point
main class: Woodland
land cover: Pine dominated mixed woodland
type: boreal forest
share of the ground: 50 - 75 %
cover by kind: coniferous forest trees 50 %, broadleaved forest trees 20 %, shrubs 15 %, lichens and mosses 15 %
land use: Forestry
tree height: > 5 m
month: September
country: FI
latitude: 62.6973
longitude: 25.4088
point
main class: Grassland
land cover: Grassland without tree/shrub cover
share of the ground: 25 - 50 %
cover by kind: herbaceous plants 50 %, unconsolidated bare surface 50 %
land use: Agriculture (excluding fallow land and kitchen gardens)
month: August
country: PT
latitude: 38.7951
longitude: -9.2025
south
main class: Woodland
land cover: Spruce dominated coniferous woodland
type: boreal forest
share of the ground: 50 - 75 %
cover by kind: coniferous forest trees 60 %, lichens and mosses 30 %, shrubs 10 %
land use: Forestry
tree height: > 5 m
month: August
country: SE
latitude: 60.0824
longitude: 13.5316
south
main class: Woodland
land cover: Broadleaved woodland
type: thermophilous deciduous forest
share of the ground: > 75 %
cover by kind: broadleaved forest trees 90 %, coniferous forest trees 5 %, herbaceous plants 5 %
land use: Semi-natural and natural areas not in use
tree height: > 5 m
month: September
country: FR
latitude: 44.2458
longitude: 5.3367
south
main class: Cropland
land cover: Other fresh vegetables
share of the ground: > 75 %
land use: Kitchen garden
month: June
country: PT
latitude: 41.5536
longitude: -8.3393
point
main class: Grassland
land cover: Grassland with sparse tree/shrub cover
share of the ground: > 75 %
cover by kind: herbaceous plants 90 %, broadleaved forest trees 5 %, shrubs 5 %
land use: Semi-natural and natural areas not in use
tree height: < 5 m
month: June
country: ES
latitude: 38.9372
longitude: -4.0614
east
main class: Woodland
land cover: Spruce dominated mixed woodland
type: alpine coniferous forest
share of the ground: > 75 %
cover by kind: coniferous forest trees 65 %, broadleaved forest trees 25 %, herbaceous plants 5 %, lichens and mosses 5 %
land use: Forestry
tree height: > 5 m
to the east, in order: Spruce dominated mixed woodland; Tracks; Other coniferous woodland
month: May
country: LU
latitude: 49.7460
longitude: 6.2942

───

- WHAT YOU HAVE TO DO:
Every line from the one containing "land cover: Broadleaved woodland" to the end of the material above must be written out exactly. Nothing else is wanted.

- SOLUTION TO THIS TASK:
land cover: Broadleaved woodland
type: thermophilous deciduous forest
share of the ground: > 75 %
cover by kind: broadleaved forest trees 90 %, coniferous forest trees 5 %, herbaceous plants 5 %
land use: Semi-natural and natural areas not in use
tree height: > 5 m
month: September
country: FR
latitude: 44.2458
longitude: 5.3367
south
main class: Cropland
land cover: Other fresh vegetables
share of the ground: > 75 %
land use: Kitchen garden
month: June
country: PT
latitude: 41.5536
longitude: -8.3393
point
main class: Grassland
land cover: Grassland with sparse tree/shrub cover
share of the ground: > 75 %
cover by kind: herbaceous plants 90 %, broadleaved forest trees 5 %, shrubs 5 %
land use: Semi-natural and natural areas not in use
tree height: < 5 m
month: June
country: ES
latitude: 38.9372
longitude: -4.0614
east
main class: Woodland
land cover: Spruce dominated mixed woodland
type: alpine coniferous forest
share of the ground: > 75 %
cover by kind: coniferous forest trees 65 %, broadleaved forest trees 25 %, herbaceous plants 5 %, lichens and mosses 5 %
land use: Forestry
tree height: > 5 m
to the east, in order: Spruce dominated mixed woodland; Tracks; Other coniferous woodland
month: May
country: LU
latitude: 49.7460
longitude: 6.2942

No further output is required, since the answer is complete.